§ Task material:

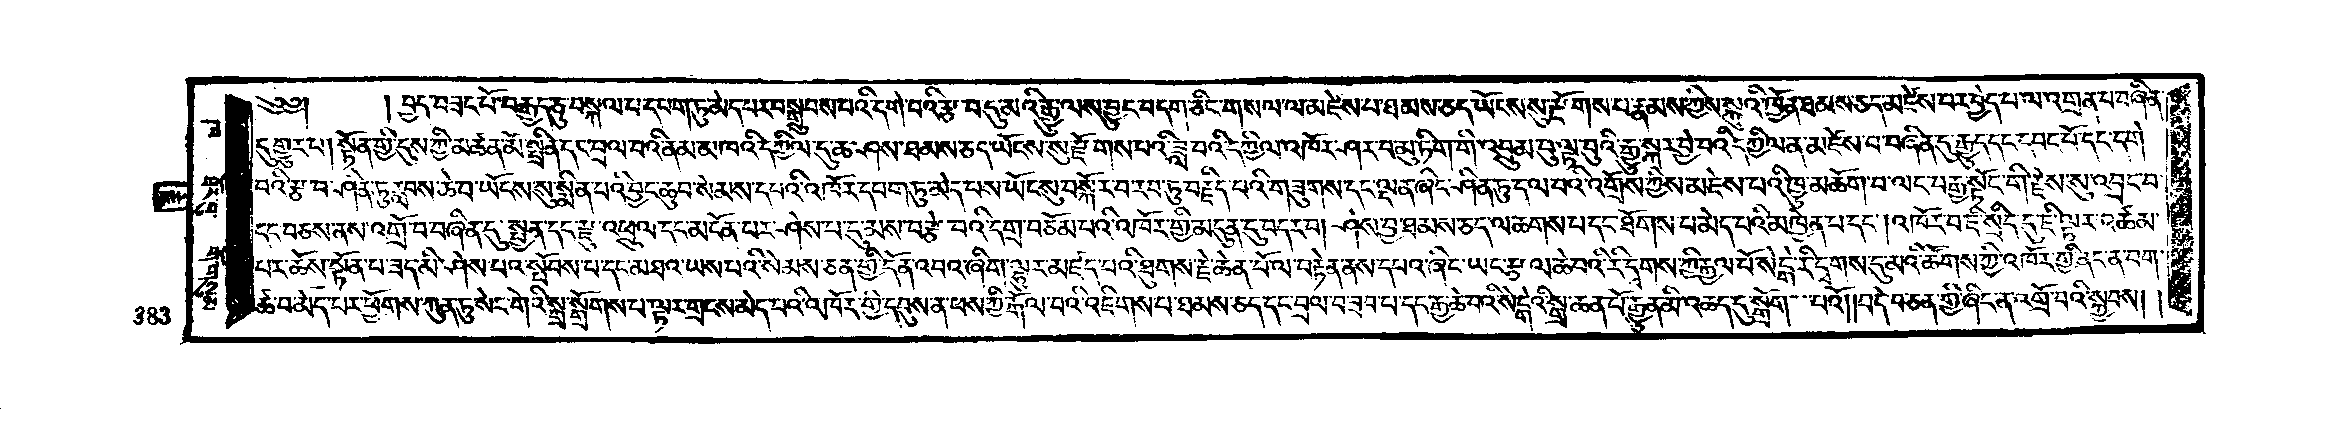༄༅། །བྱད་བཟང་པོ་བརྒྱད་ཅུ་བསྐལ་པ་དཔག་ཏུ་མེད་པར་བསྒྲུབས་པའི་དགེ་བའི་རྩ་བ་དུ་མའི་རྒྱུ་ལས་བྱུང་བ་དག་ཅིང་གསལ་ལ་མཛེས་པ་ཐམས་ཅད་ཡོངས་སུ་རྫོགས་པ་རྣམས་ཀྱིས་སྐུའི་ཁྱོན་ཐམས་ཅད་མཛེས་པར་བྱེད་པ་ལ་འགྲན་པ་བཞིན་
དུ་གྱུར་པ། སྟོན་གྱི་དུས་ཀྱི་མཚན་མོ་སྤྲིན་དང་བྲལ་བའི་ནམ་མཁའི་དཀྱིལ་དུ་ཆ་ཤས་ཐམས་ཅད་ཡོངས་སུ་རྫོགས་པའི་ཟླ་བའི་དཀྱིལ་འཁོར་ཤར་བ་མུ་ཏིག་གི་འབྲུམ་བུ་ལྟ་བུའི་རྒྱུ་སྐར་བྱེ་བའི་དཀྱིལ་ན་མཛེས་པ་བཞིན་དུ་རྒྱུད་དང་དབང་པོ་དང་དགེ་
བའི་རྩ་བ་ཤིན་ཏུ་རླབས་ཆེ་བ་ཡོངས་སུ་སྨིན་པའི་བྱང་ཆུབ་སེམས་དཔའི་འཁོར་དཔག་ཏུ་མེད་པས་ཡོངས་སུ་བསྐོར་བ་རབ་ཏུ་བརྗིད་པའི་གཟུགས་དང་ལྡན་ཞིང་ཤིན་ཏུ་དལ་བའི་འགྲོས་ཀྱིས་མཛེས་པའི་ཁྱུ་མཆོག་བ་ལང་བརྒྱ་སྟོང་གི་རྗེས་སུ་འབྲང་བ་
དང་བཅས་ནས་འགྲོ་བ་བཞིན་དུ་སྤྱན་དང་རྫུ་འཕྲུལ་དང་མངོན་པར་ཤེས་པ་དུ་མས་བརྩེ་བའི་དགྲ་བཅོམ་པའི་འཁོར་གྱི་མདུན་དུ་བདར་བ། ཤེས་བྱ་ཐམས་ཅད་ལ་ཆགས་པ་དང་ཐོགས་པ་མེད་པའི་མཁྱེན་པ་དང་། འཁོར་བ་ཇི་སྲིད་དུ་ཇི་ལྟར་འཚམ་
པར་ཆས་སྟོན་པ་ཟད་མི་ཤེས་པའི་སྤོབས་པ་དང་མཐའ་ཡས་པའི་སེམས་ཅན་གྱི་དོན་འབའ་ཞིག་ལྷུར་མཛད་པའི་ཐུགས་རྗེ་ཆེན་པོ་ལ་བརྟེན་ནས་དཔའ་ཞིང་ཡང་རྩལ་ཆེ་བའི་རི་དྭགས་ཀྱི་རྒྱལ་པོ་སེངྒེ་རི་དྭགས་དུ་མའི་ཚོགས་ཀྱི་འཁོར་གྱི་ནང་ན་བག་
ཚ་བ་མེད་པར་ཕྱོགས་ཀུན་ཏུ་སེང་གེའི་སྒྲ་སྒྲོགས་པ་ལྟར་གྲངས་མེད་པའི་འཁོར་གྱི་དབུས་ན་ཕས་ཀྱི་རྒོལ་བའི་འཇིགས་པ་ཐམས་ཅད་དང་བྲལ་བ་ཟབ་པ་དང་རྒྱ་ཆེ་བའི་སེངྒེའི་སྒྲ་ཆེན་པོ་རྒྱུན་མི་འཆད་དུ་སྒྲོག་པའོ། །བདེ་བ་ཅན་གྱི་ཞིང་ན་འགྲོ་བའི་སྐྱབས། །

§ Task objective: The lines from the one containing "དུ་གྱུར་པ། སྟོ" to the final line of the listing above must be set down exactly, both included.

§ Finished exercise:
དུ་གྱུར་པ། སྟོན་གྱི་དུས་ཀྱི་མཚན་མོ་སྤྲིན་དང་བྲལ་བའི་ནམ་མཁའི་དཀྱིལ་དུ་ཆ་ཤས་ཐམས་ཅད་ཡོངས་སུ་རྫོགས་པའི་ཟླ་བའི་དཀྱིལ་འཁོར་ཤར་བ་མུ་ཏིག་གི་འབྲུམ་བུ་ལྟ་བུའི་རྒྱུ་སྐར་བྱེ་བའི་དཀྱིལ་ན་མཛེས་པ་བཞིན་དུ་རྒྱུད་དང་དབང་པོ་དང་དགེ་
བའི་རྩ་བ་ཤིན་ཏུ་རླབས་ཆེ་བ་ཡོངས་སུ་སྨིན་པའི་བྱང་ཆུབ་སེམས་དཔའི་འཁོར་དཔག་ཏུ་མེད་པས་ཡོངས་སུ་བསྐོར་བ་རབ་ཏུ་བརྗིད་པའི་གཟུགས་དང་ལྡན་ཞིང་ཤིན་ཏུ་དལ་བའི་འགྲོས་ཀྱིས་མཛེས་པའི་ཁྱུ་མཆོག་བ་ལང་བརྒྱ་སྟོང་གི་རྗེས་སུ་འབྲང་བ་
དང་བཅས་ནས་འགྲོ་བ་བཞིན་དུ་སྤྱན་དང་རྫུ་འཕྲུལ་དང་མངོན་པར་ཤེས་པ་དུ་མས་བརྩེ་བའི་དགྲ་བཅོམ་པའི་འཁོར་གྱི་མདུན་དུ་བདར་བ། ཤེས་བྱ་ཐམས་ཅད་ལ་ཆགས་པ་དང་ཐོགས་པ་མེད་པའི་མཁྱེན་པ་དང་། འཁོར་བ་ཇི་སྲིད་དུ་ཇི་ལྟར་འཚམ་
པར་ཆས་སྟོན་པ་ཟད་མི་ཤེས་པའི་སྤོབས་པ་དང་མཐའ་ཡས་པའི་སེམས་ཅན་གྱི་དོན་འབའ་ཞིག་ལྷུར་མཛད་པའི་ཐུགས་རྗེ་ཆེན་པོ་ལ་བརྟེན་ནས་དཔའ་ཞིང་ཡང་རྩལ་ཆེ་བའི་རི་དྭགས་ཀྱི་རྒྱལ་པོ་སེངྒེ་རི་དྭགས་དུ་མའི་ཚོགས་ཀྱི་འཁོར་གྱི་ནང་ན་བག་
ཚ་བ་མེད་པར་ཕྱོགས་ཀུན་ཏུ་སེང་གེའི་སྒྲ་སྒྲོགས་པ་ལྟར་གྲངས་མེད་པའི་འཁོར་གྱི་དབུས་ན་ཕས་ཀྱི་རྒོལ་བའི་འཇིགས་པ་ཐམས་ཅད་དང་བྲལ་བ་ཟབ་པ་དང་རྒྱ་ཆེ་བའི་སེངྒེའི་སྒྲ་ཆེན་པོ་རྒྱུན་མི་འཆད་དུ་སྒྲོག་པའོ། །བདེ་བ་ཅན་གྱི་ཞིང་ན་འགྲོ་བའི་སྐྱབས། །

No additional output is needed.